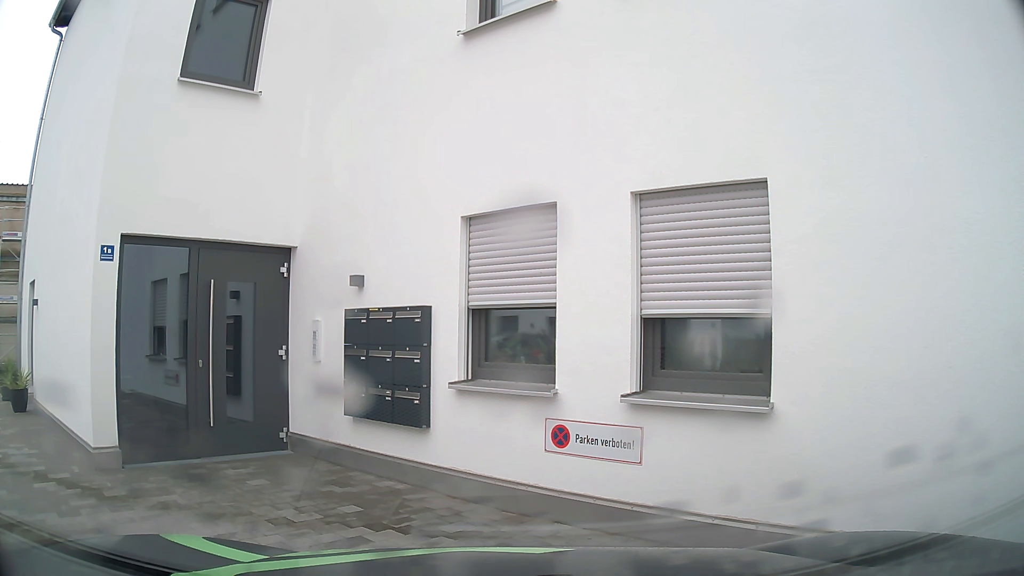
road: tertiary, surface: asphalt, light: Day
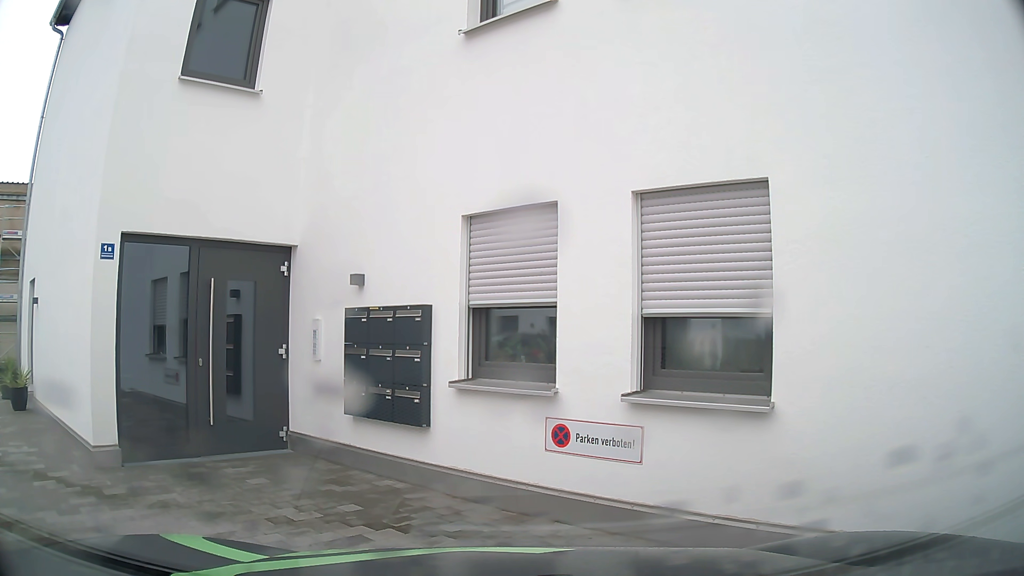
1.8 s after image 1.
(0.0, 0.0) m; 0°
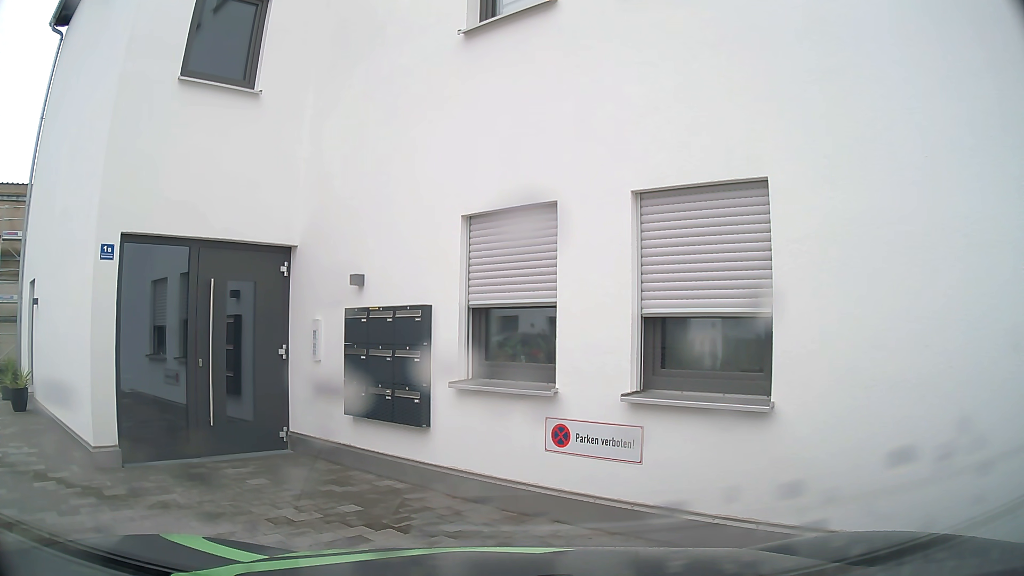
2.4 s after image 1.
(0.0, 0.0) m; 0°
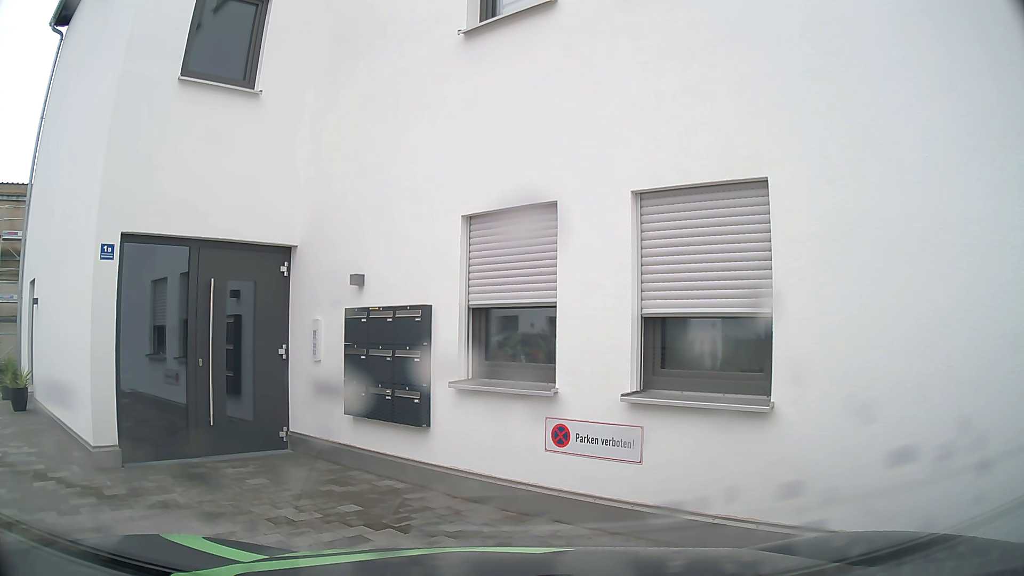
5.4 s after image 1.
(0.0, +0.1) m; 0°
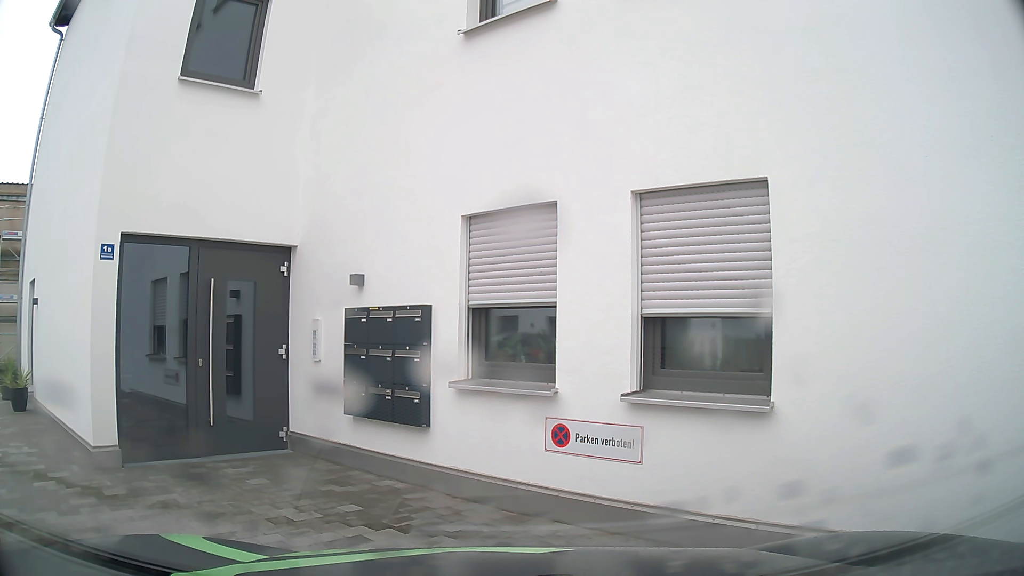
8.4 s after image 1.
(0.0, 0.0) m; 0°
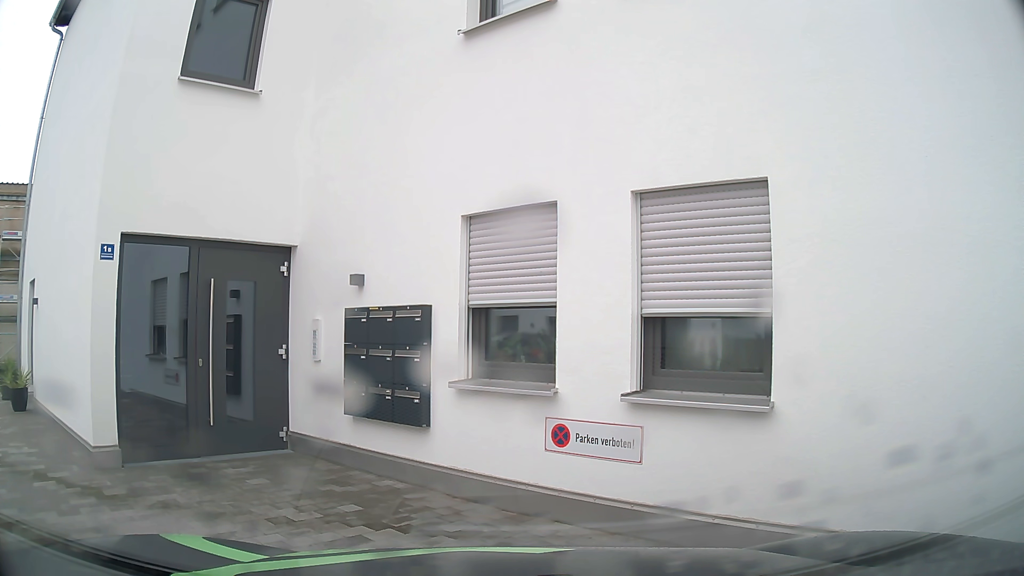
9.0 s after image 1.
(0.0, 0.0) m; 0°

....

__THE PROBLEM__.
Which lines run from the one containing "1.8 s after image 1." to the end of the entries above? Write them out exactly, leaving out every picture.

__WRITTEN RESPONSE__.
1.8 s after image 1.
(0.0, 0.0) m; 0°
2.4 s after image 1.
(0.0, 0.0) m; 0°
5.4 s after image 1.
(0.0, +0.1) m; 0°
8.4 s after image 1.
(0.0, 0.0) m; 0°
9.0 s after image 1.
(0.0, 0.0) m; 0°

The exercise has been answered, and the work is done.